Civil servants in office-based roles will be required to spend 60% of their time working face-to-face with colleagues.
According to reports, the Cabinet Office has sent senior civil servants a letter stating that they should “set and implement an expectation of increased office-based working” to realise the “significant benefits” of working with colleagues in person, including “collaboration, innovation, and fostering a sense of community”.
Senior managers will be required to provide “strong visible leadership” by spending more than 60% of their working hours in the office – equivalent to three days per week for a full-time employee.
Early careers staff and people on development schemes will also be told to spend the majority of their working week in offices.
“We know that in particular, junior colleagues benefit from having time face to face with senior leaders and that those early in their careers find working face to face with their peers and managers makes them more effective more quickly,” the letter, seen by industry title Civil Service World, says.
It is the latest office working mandate to be issued in the civil service. Last year, former minister for Brexit opportunities and government efficiency Jacob Rees-Mogg came under fire from unions after attempting to force more Whitehall staff to return to offices.
Back to the office
Rees-Mogg allegedly left notes on empty desks that read: “Sorry you were out. I look forward to seeing you in the office very soon”. He also claimed that civil servants were using flexible working arrangements to “skive off”.
Former cabinet office minister Jeremy Quin had also reportedly been considering plans to limit home working to one day a week before he resigned from the cabinet earlier this week.
Signed by “heads of department”, the letter issued this week says: “Those based in offices will spend a minimum of 60% of their working time working face to face with their colleagues either in offices or on official business, rather than at home.”
However, the letter notes that not all government departments will be able to accommodate increased office attendance because of limited space.
“While most departments in most locations have enough space to implement this new expectation, we know that this is not the case across the board,” it says.
“So while the 60% expectation is common to us all, we will each be consulting following our normal processes and communicating with our own departments as in some cases, there will need to be other arrangements put in place due to lack of office space to accommodate a 60% expectation.”
It says the change in policy will not affect reasonable adjustments that have already been agreed based on disability, caring responsibilities and “other similar temporary flexibilities” agreed with line managers.
The Public and Commercial Services (PCS) Union said civil servants have been working just as effectively from home as from the office.
It has entered into discussions with HMRC in particular about the department’s plans to require more staff in offices, despite HMRC having relinquished some of its office capacity to other government departments.

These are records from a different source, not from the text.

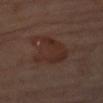Recorded during total-body skin imaging; not selected for excision or biopsy. A female patient aged 63 to 67. On the left upper arm. The lesion-visualizer software estimated roughly 5 lightness units darker than nearby skin and a normalized lesion–skin contrast near 6.5. The analysis additionally found a border-irregularity rating of about 4/10, internal color variation of about 3 on a 0–10 scale, and peripheral color asymmetry of about 1. The analysis additionally found a nevus-likeness score of about 10/100 and lesion-presence confidence of about 100/100. This is a cross-polarized tile. A close-up tile cropped from a whole-body skin photograph, about 15 mm across. The lesion's longest dimension is about 6 mm.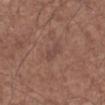This lesion was catalogued during total-body skin photography and was not selected for biopsy. The patient is a male aged 53–57. The lesion-visualizer software estimated a symmetry-axis asymmetry near 0.35. The software also gave a mean CIELAB color near L≈45 a*≈19 b*≈23, about 5 CIELAB-L* units darker than the surrounding skin, and a normalized lesion–skin contrast near 5. The analysis additionally found a border-irregularity rating of about 3.5/10, a within-lesion color-variation index near 0.5/10, and a peripheral color-asymmetry measure near 0. A 15 mm close-up extracted from a 3D total-body photography capture. This is a white-light tile. The lesion is located on the left forearm.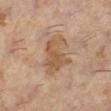<record>
  <biopsy_status>not biopsied; imaged during a skin examination</biopsy_status>
  <lesion_size>
    <long_diameter_mm_approx>5.5</long_diameter_mm_approx>
  </lesion_size>
  <site>left lower leg</site>
  <automated_metrics>
    <area_mm2_approx>13.0</area_mm2_approx>
    <eccentricity>0.8</eccentricity>
    <shape_asymmetry>0.4</shape_asymmetry>
    <color_variation_0_10>2.5</color_variation_0_10>
    <peripheral_color_asymmetry>1.0</peripheral_color_asymmetry>
  </automated_metrics>
  <lighting>cross-polarized</lighting>
  <patient>
    <sex>female</sex>
    <age_approx>60</age_approx>
  </patient>
  <image>
    <source>total-body photography crop</source>
    <field_of_view_mm>15</field_of_view_mm>
  </image>
</record>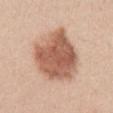- biopsy status — no biopsy performed (imaged during a skin exam)
- subject — female, roughly 40 years of age
- image — 15 mm crop, total-body photography
- body site — the left upper arm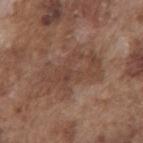- patient — male, about 75 years old
- lesion diameter — ≈7 mm
- automated lesion analysis — an average lesion color of about L≈44 a*≈18 b*≈26 (CIELAB), roughly 6 lightness units darker than nearby skin, and a normalized border contrast of about 5; a border-irregularity index near 6/10, a color-variation rating of about 4/10, and peripheral color asymmetry of about 1.5
- acquisition — ~15 mm crop, total-body skin-cancer survey
- anatomic site — the front of the torso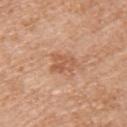biopsy status = no biopsy performed (imaged during a skin exam) | body site = the upper back | imaging modality = total-body-photography crop, ~15 mm field of view | patient = male, roughly 80 years of age.

“We’ve also reminded HMRC in particular, that our Pay and Contract Reform (PaCR) collective agreement allows more than 40% working from home where the business can accommodate it; and should allow the department enough leverage to push back on any arbitrary ‘blanket’ office attendance figure,” PCS said.
A recent Hays survey found that only 39% of workers across the economy are are now hybrid working, while slightly more (43%) say they are working fully in an office setting.